Drake: you can use it now - lkrubner
http://blog.factual.com/drake-1-0-1-you-can-use-it-now

======
lkrubner
I love this bit about the humility within the Clojure community:

\------------------

Well, I was bragging to Alan about a Drake release, which I was calling 0.2.0.
Alan rolled his eyes. He was like, “Considering the conventions put forth by
Semantic Versioning, and considering that Drake has been in production at this
company as well as other companies for years now, why not call it version 1
already?” I pushed back a bit, by surveying two existing open source Clojure
projects I know of:

Aleph, Zach Tellman’s notorious asynchronous library for Clojure, is currently
versioned 0.4.x. Keep in mind it’s been in production at Factual and other
serious minded shops for years now. I asked Zach when he plans to cut a 1.0.0
and his reply started, “Each minor release has been effectively a ground-up
rewrite…”.

Riemann, Kyle Kingsbury’s network event stream processing system written in
Clojure, also enjoys prime time adoption in various production environments.
And yet it’s versioned 0.2.x. I asked Kyle if he plans to cut a 1.0.0:

Kyle: Naw, I don’t think it’s 1.0 material yet. :-)

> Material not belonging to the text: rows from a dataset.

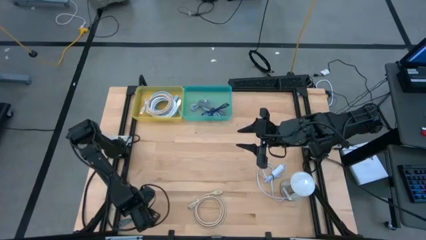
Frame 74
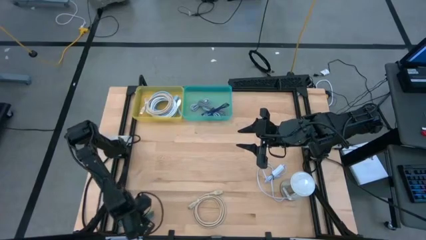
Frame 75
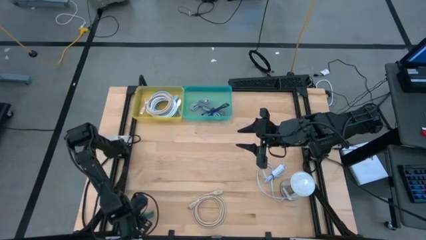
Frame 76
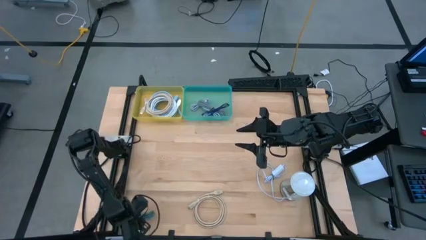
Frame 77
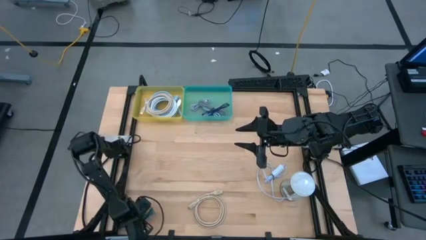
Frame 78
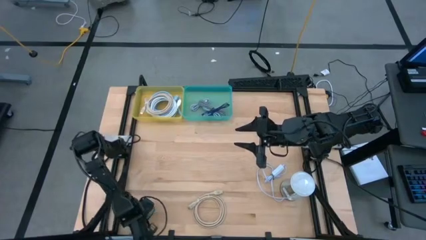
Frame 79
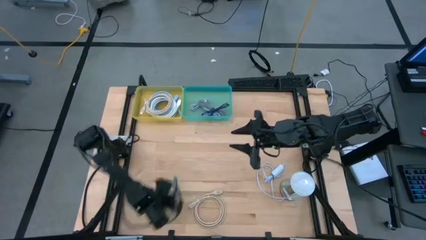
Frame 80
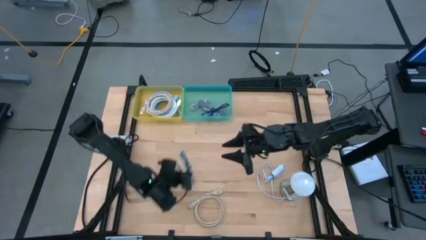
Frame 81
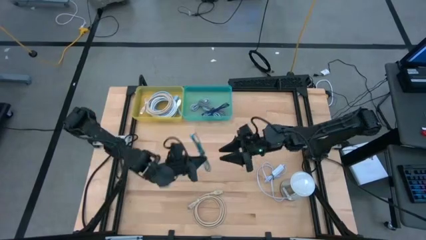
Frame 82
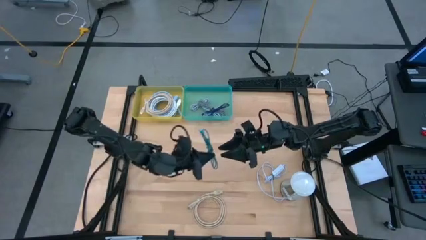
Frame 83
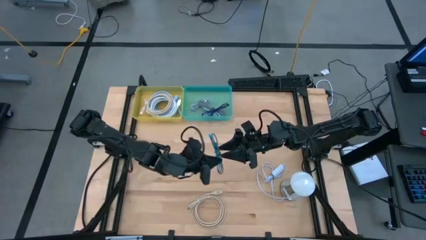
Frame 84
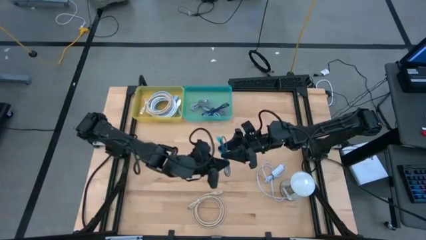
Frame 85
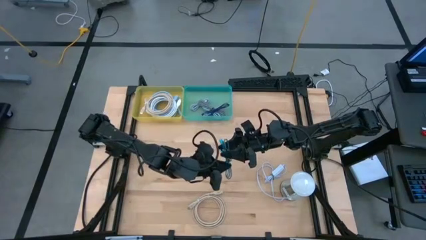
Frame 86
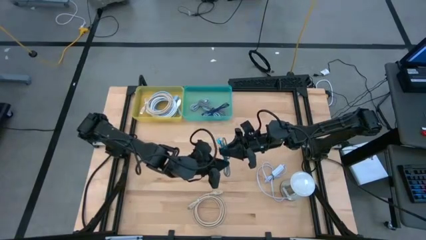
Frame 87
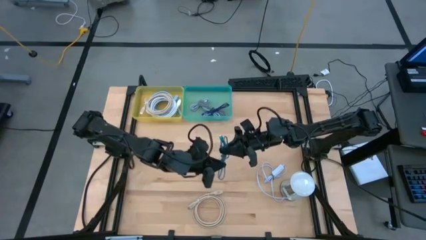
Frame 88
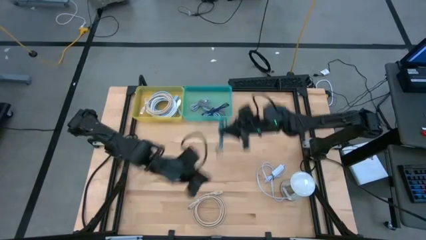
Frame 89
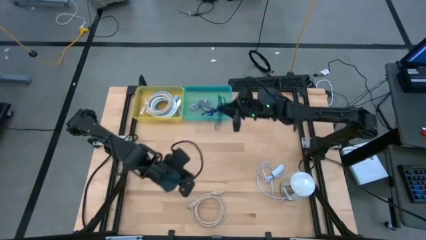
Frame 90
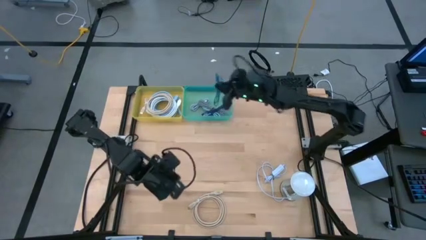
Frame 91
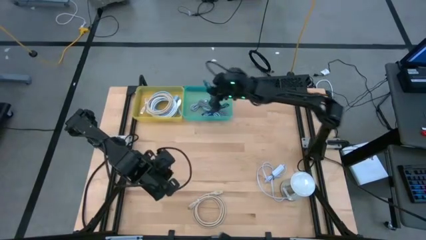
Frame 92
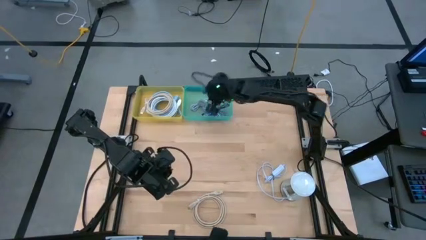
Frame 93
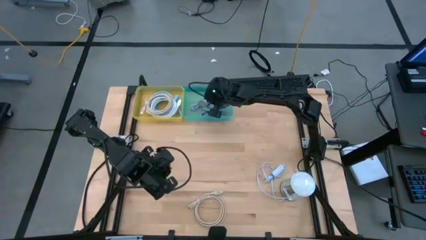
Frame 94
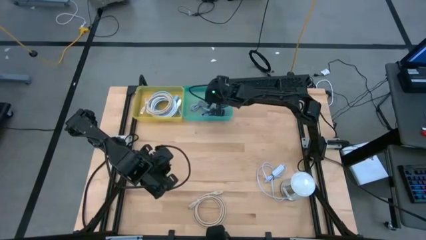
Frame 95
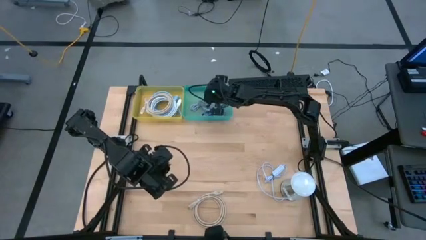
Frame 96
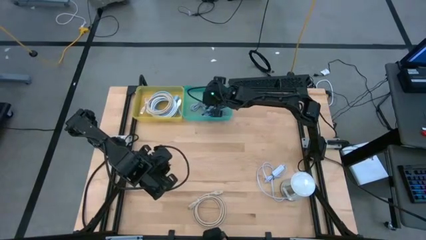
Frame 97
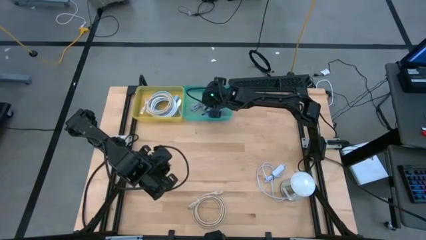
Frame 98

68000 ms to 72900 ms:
Task: Pick & Place USB Port
Put the blue charger cable into the green bin

me: What would it take to justify a 1.0 ??

Kyle: API stability, a bunch of protocol enhancements, dropping a bunch of
deprecated stuff, performance stuff, bunch of bugfixes, disk persistence,
maybe determinism & a better stream compiler…

me: when will the madness end !?

Kyle: Probably never? Or, like, we could say that a tool may be sufficiently
stable for a job while not being finished yet. :-/